"""
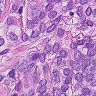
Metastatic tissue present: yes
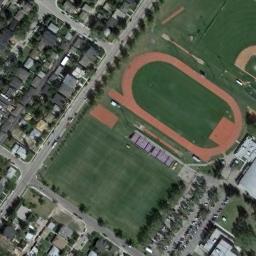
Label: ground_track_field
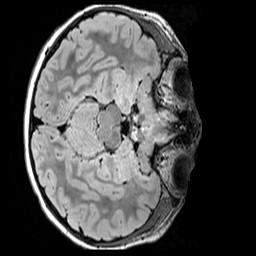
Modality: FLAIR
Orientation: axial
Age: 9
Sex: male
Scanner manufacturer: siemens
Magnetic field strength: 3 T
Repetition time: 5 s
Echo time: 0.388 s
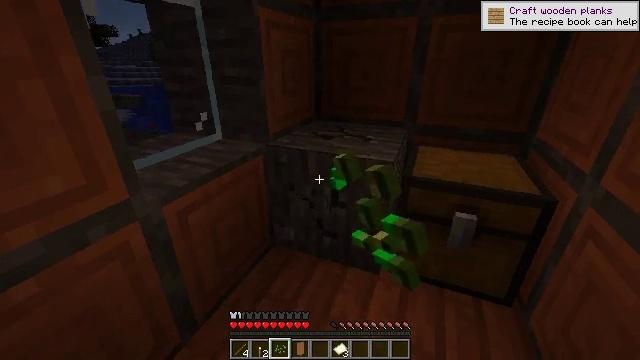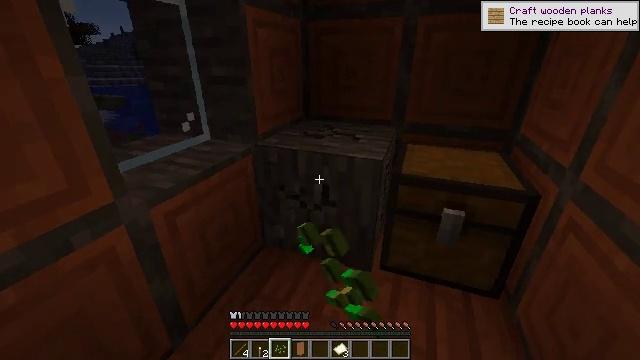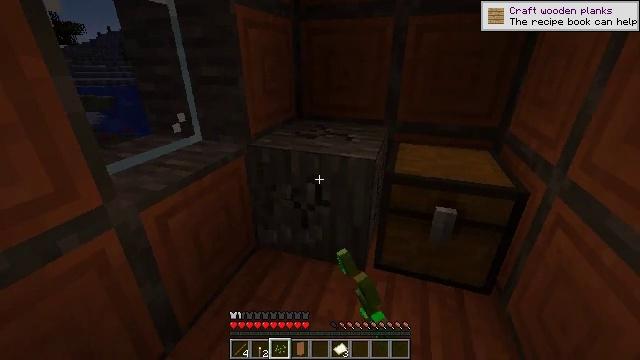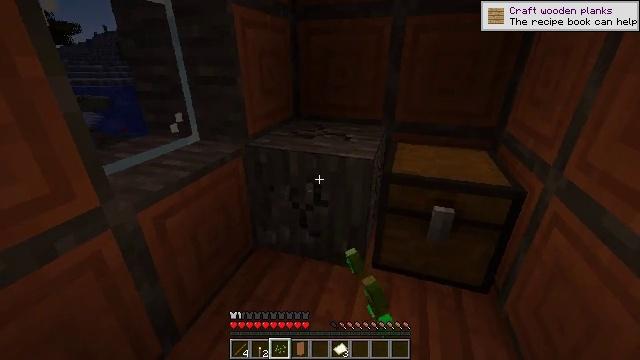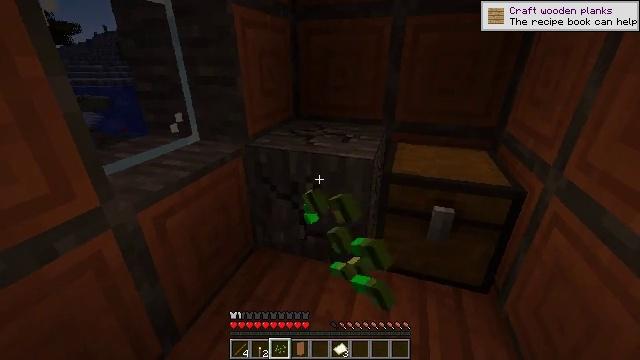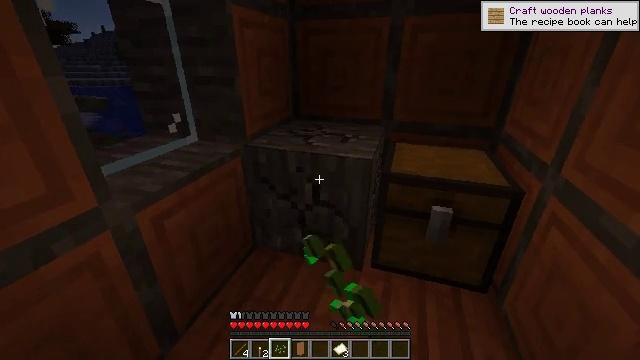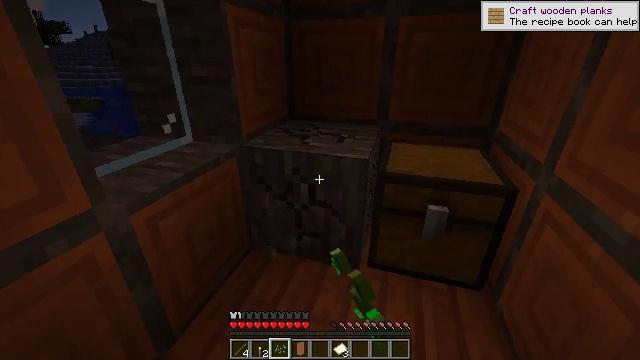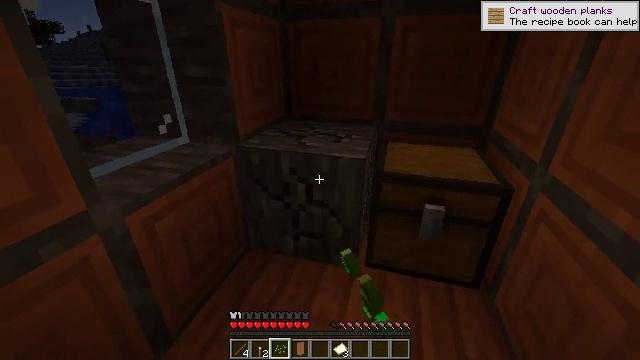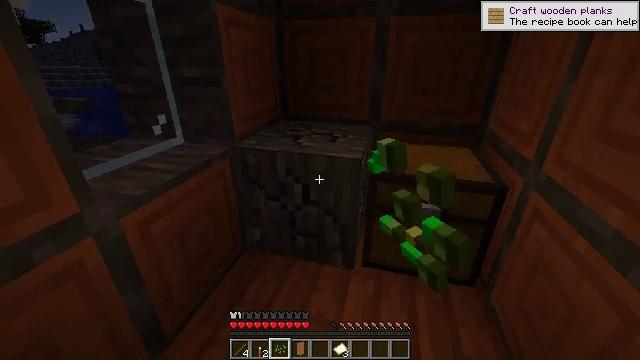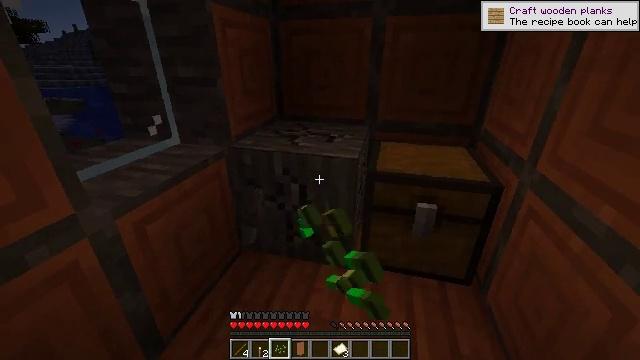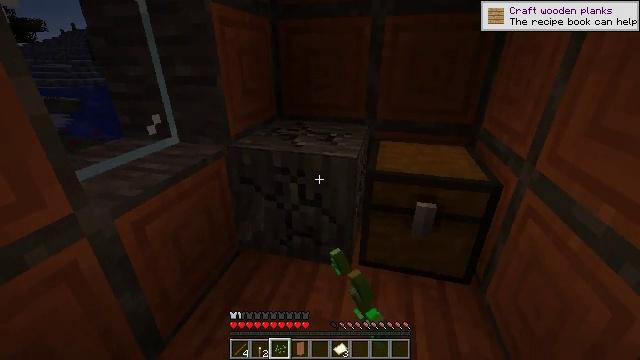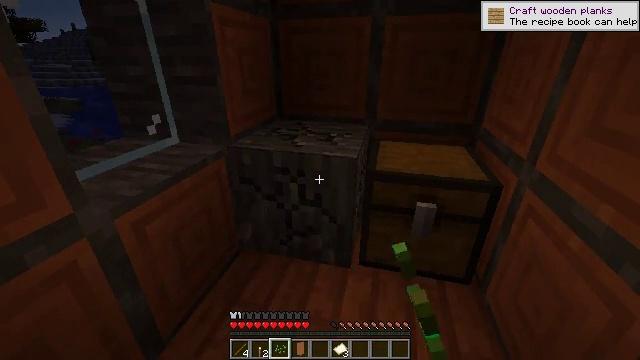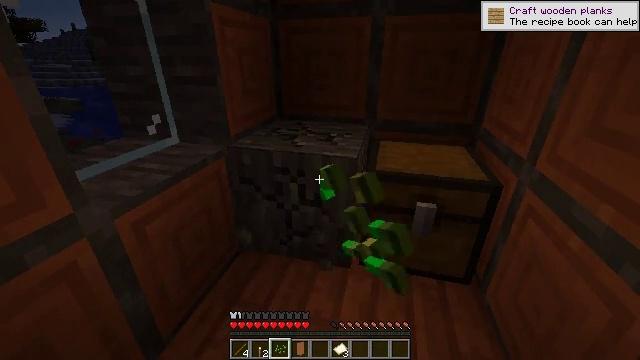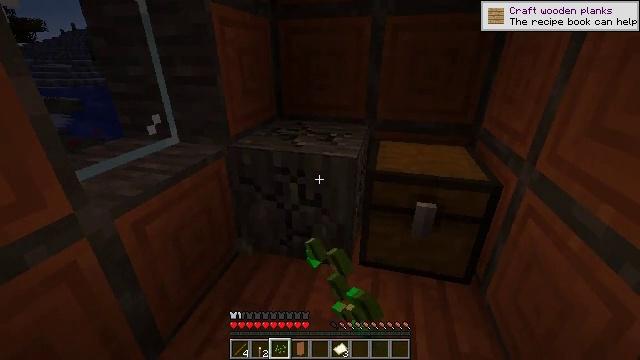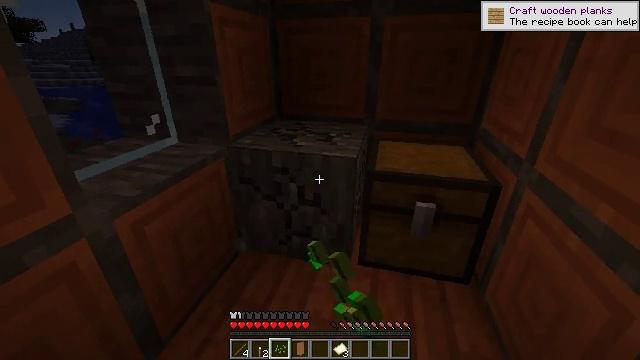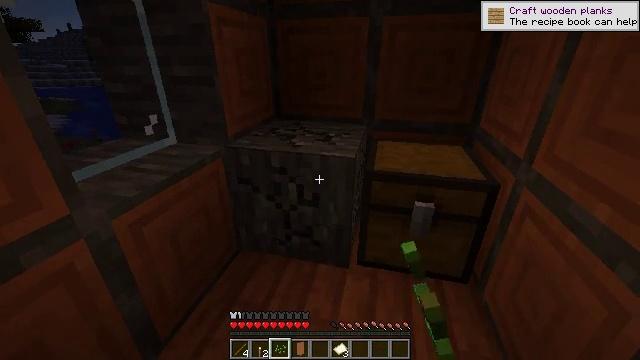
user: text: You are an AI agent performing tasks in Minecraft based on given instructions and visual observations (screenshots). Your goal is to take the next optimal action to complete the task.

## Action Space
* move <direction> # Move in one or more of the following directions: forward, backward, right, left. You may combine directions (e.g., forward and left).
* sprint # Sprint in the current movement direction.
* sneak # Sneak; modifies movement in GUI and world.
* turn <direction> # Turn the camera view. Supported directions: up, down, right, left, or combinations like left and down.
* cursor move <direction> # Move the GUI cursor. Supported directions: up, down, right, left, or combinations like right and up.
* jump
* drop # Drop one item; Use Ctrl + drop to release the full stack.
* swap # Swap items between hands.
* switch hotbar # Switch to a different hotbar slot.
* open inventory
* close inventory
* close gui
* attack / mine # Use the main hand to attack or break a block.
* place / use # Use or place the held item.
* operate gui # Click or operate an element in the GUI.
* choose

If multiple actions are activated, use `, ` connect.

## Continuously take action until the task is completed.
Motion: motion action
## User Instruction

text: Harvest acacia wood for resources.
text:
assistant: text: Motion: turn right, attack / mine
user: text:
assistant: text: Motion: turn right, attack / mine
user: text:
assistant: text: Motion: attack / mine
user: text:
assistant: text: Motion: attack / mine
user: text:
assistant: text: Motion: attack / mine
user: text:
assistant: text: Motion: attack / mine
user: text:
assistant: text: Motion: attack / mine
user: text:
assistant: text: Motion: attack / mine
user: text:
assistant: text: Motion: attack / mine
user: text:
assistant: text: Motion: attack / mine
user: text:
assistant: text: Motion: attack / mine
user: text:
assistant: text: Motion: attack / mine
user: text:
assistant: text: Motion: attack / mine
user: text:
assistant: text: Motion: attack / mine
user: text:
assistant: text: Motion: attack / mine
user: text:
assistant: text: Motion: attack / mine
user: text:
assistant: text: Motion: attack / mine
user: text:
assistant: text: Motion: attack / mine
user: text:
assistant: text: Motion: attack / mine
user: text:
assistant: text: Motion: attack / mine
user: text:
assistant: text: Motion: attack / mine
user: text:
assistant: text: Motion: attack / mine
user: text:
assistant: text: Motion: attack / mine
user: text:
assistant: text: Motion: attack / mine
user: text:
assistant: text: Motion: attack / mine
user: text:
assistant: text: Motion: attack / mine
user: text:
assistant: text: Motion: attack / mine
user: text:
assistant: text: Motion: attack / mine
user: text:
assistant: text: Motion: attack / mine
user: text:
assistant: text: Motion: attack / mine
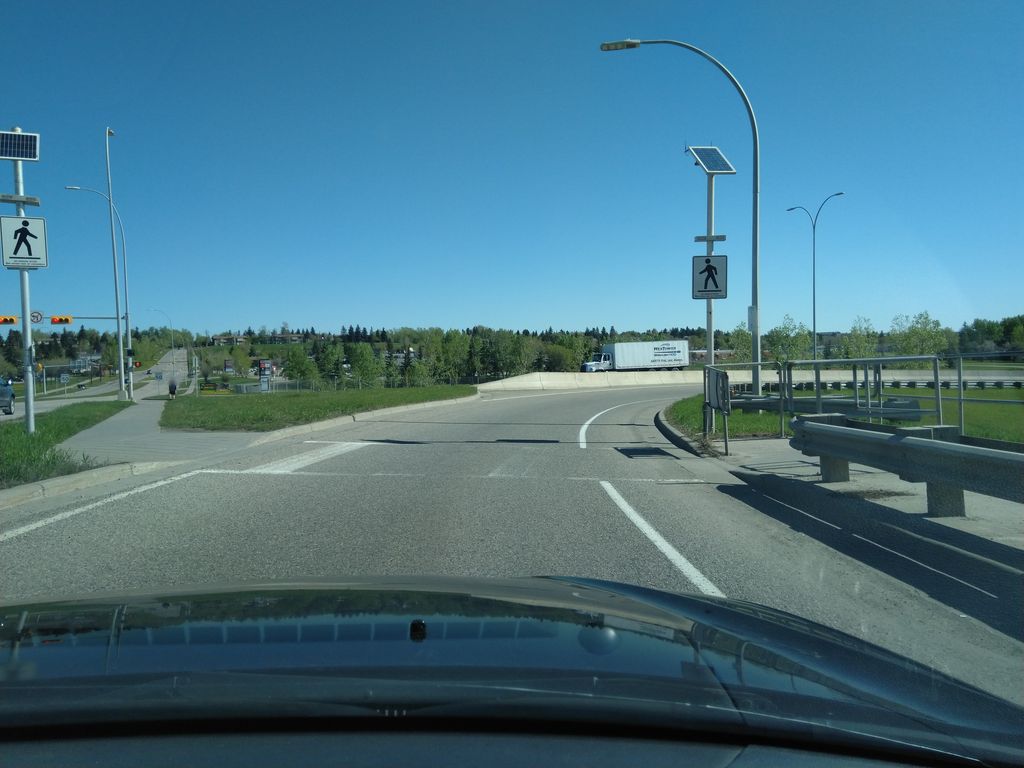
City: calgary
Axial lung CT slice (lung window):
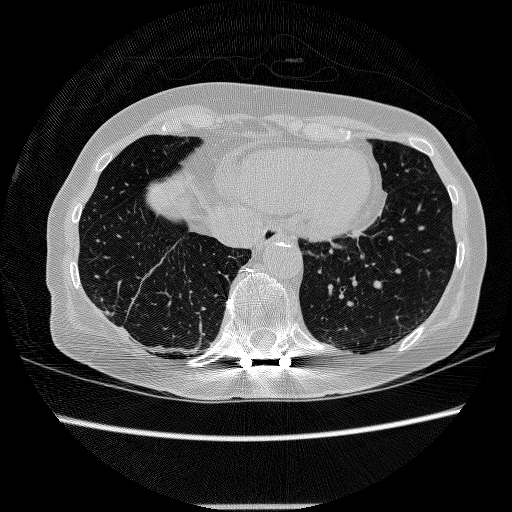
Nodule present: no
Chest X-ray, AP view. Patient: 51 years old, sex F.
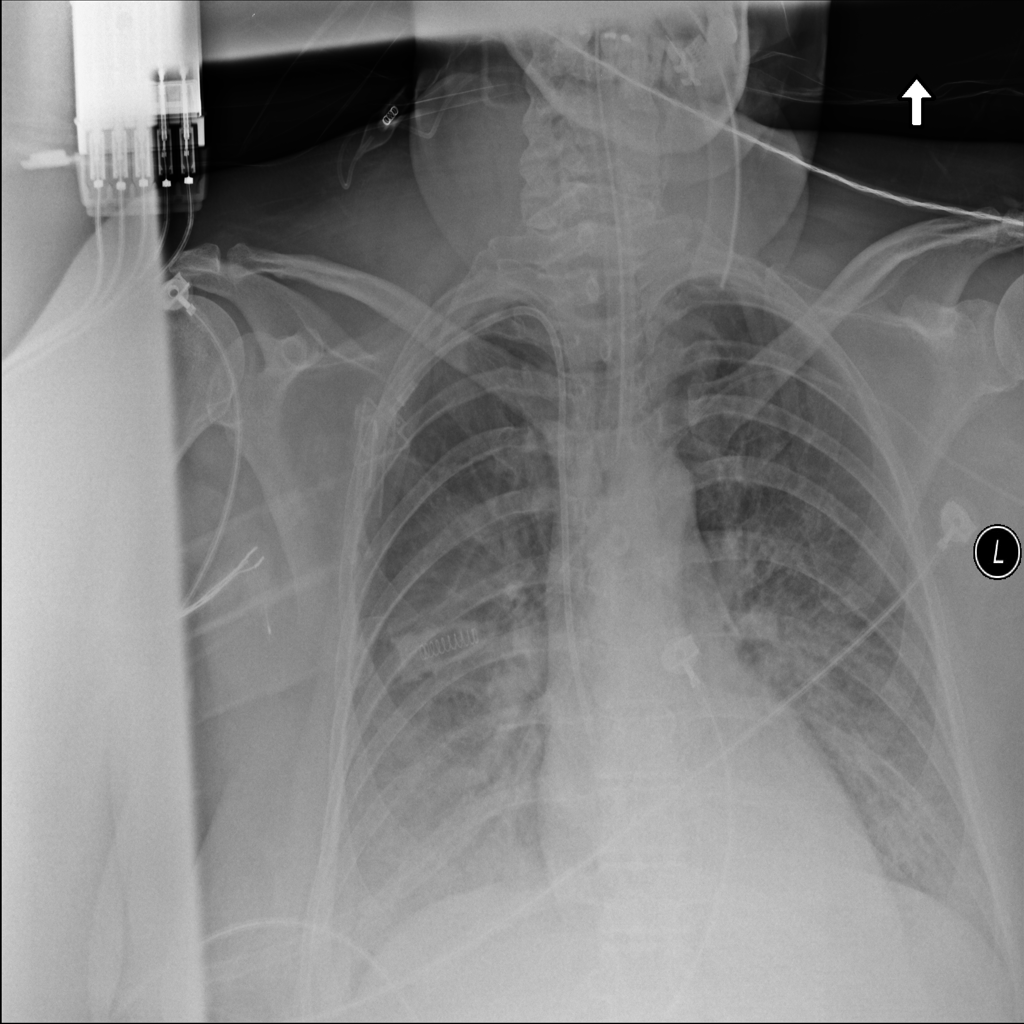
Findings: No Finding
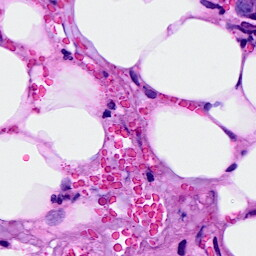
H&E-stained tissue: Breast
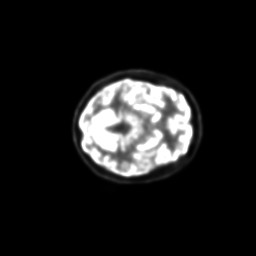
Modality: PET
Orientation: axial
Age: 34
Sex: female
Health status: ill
"""
▸ THE TASK: The copy should hold exactly the lines above from the one with "Label: ground_track_field" through the one with "GUI and world.", both ends counted, and no pictures at all.

▸ FINISHED EXERCISE:
Label: ground_track_field
Modality: FLAIR
Orientation: axial
Age: 9
Sex: male
Scanner manufacturer: siemens
Magnetic field strength: 3 T
Repetition time: 5 s
Echo time: 0.388 s
user: text: You are an AI agent performing tasks in Minecraft based on given instructions and visual observations (screenshots). Your goal is to take the next optimal action to complete the task.

## Action Space
* move <direction> # Move in one or more of the following directions: forward, backward, right, left. You may combine directions (e.g., forward and left).
* sprint # Sprint in the current movement direction.
* sneak # Sneak; modifies movement in GUI and world.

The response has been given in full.